This is what my input form looks like:
<tr>
<td class="standard_text_bold" width="25%">First name:</td>
<td class="standard_text_bold" width="25%"><input type="text" name="FirstName" value="<?echo $Name;?>" <?php if ($Status != "New customer") { echo "disabled"; } ?>></td>
</tr>
<tr>
<td class="standard_text_bold" width="25%">Last name:</td>
<td class="standard_text_bold" width="25%"><input type="text" name="LastName" value="<?echo $Lastname;?>" <?php if ($Status != "New customer") { echo "disabled"; } ?>></td>
</tr>
<tr>
<td class="standard_text_bold" width="25%">Email:</td>
<td class="standard_text_bold" width="25%"><input type="text" name="Email" value="<?echo $Email;?>" <?php if ($Status != "New customer") { echo "disabled"; } ?>></td>
</tr>
It's very general, and in a specific case, almost all inputs will be disabled.
I define all my inputs as
$LastName = $_POST['LastName'];
$FirstName = $_POST['FirstName'];
And I run an update query
mysql_query("
UPDATE data SET
FirstName = '$FirstName',
LastName = '$LastName',
ProductName = '$Productname',
ProductPriceUSD = '$Productpriceusd',
ProductPriceEUR = '$Productpriceeur',
ProductLink = '$Productlink',
Status = '$Newstatus',
Modified = now()
WHERE ID = '$id'
") or die(mysql_error());
Now I'd like to update ONLY those values that are not empty. Since this is a general query, is it possible to validate variables within the query itself?
I've tried stuff like:
if (empty($_POST['LastName'])) {
$LastName = $row['LastName'];
}
if (!empty($_POST['LastName'])) {
$LastName = $_POST['LastName'];
}
But it doesn't work for some reason. Any suggestions?

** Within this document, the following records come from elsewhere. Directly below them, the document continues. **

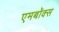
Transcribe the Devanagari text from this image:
एमबॉक्स
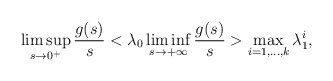
\begin{align*}\limsup_{s\to 0^{+}} \dfrac{g(s)}{s} < \lambda_{0} \liminf_{s\to +\infty} \dfrac{g(s)}{s} > \max_{i=1,\ldots,k}\lambda_{1}^{i},\end{align*}
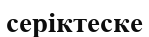
серіктеске
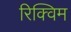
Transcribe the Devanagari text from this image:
रिक्विम
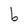
Character: b
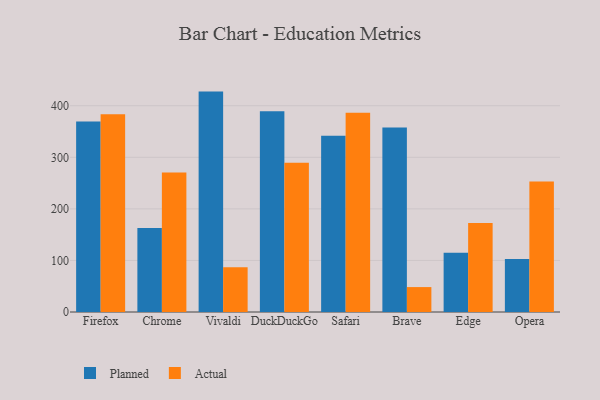
{"axis": {"x": "Browser", "y": "Operating Costs (USD K)"}, "legend": ["Actual", "Planned"], "data": [{"x": "Firefox", "y": 369.6, "type": "Planned"}, {"x": "Firefox", "y": 383.5, "type": "Actual"}, {"x": "Chrome", "y": 162.7, "type": "Planned"}, {"x": "Chrome", "y": 270.4, "type": "Actual"}, {"x": "Vivaldi", "y": 427.4, "type": "Planned"}, {"x": "Vivaldi", "y": 86.9, "type": "Actual"}, {"x": "DuckDuckGo", "y": 389.2, "type": "Planned"}, {"x": "DuckDuckGo", "y": 289.5, "type": "Actual"}, {"x": "Safari", "y": 341.9, "type": "Planned"}, {"x": "Safari", "y": 386.6, "type": "Actual"}, {"x": "Brave", "y": 357.6, "type": "Planned"}, {"x": "Brave", "y": 48.3, "type": "Actual"}, {"x": "Edge", "y": 114.8, "type": "Planned"}, {"x": "Edge", "y": 172.8, "type": "Actual"}, {"x": "Opera", "y": 102.6, "type": "Planned"}, {"x": "Opera", "y": 252.9, "type": "Actual"}]}
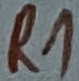
Text: R1
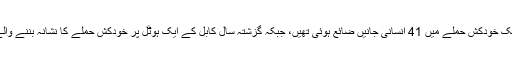
پہلی بار 2008ء میں بھارتی سفارتخانے پر ایک خودکش حملے میں 41 انسانی جانیں ضائع ہوئی تھیں، جبکہ گزشتہ سال کابل کے ایک ہوٹل پر خودکش حملے کا نشانہ بننے والے 16 افراد میں سے سات بھارتی شہری تھے۔

You can do this by constructing the query in php to have only the right set statements.
You can also do this in SQL:
UPDATE data
SET FirstName = (case when '$FirstName' = '' then FirstName else '$FirstName' end),
LastName = (case when '$LastName' = '' then LastName else '$LastName' end),
ProductName = (case when '$Productname' = '' then ProductName else '$ProductName' end),
ProductPriceUSD = (case when '$Productpriceusd' = '' then Productpriceusd else '$Productpriceusd' end),
ProductPriceEUR = (case when '$Productpriceeur' = '' then Productpriceeur else '$Productpriceeur' end),
ProductLink = (case when '$Productlink' = '' then Productlink else '$Productlink' end),
Status = (case when '$Newstatus' = '' then Status else '$NewStatus' end),
Modified = now()
WHERE ID = '$id';
Add form validation. If the "first name" field is empty text, then you should show an error message and tell the user to fill out the form again.
This covers 999 out of every 1000 forms I've ever created. For the rare case where I have a form made up of only fields... then I add an <input type="hidden"> field and check for that in the PHP. If it's not there, I know nothing was submitted.
Revise your query to something like this:
$query="UPDATE data SET";
if (!empty($_POST['FirstName']))
{
$query.=' FirstName="' . mysql_real_escape_string($_POST['FirstName'] . '",');
}
if (!empty($_POST['LastName']))
{
$query.=' LastName="' . mysql_real_escape_string($_POST['LastName'] . '",');
}
$query.="Modified = now() WHERE ID = '$id'";
mysql_query($query) or die(mysql_error());
You only append the fields on the query when it's !empty. Also, you may want to switch to mysqli or PDO as mysql_* functions are deprecated.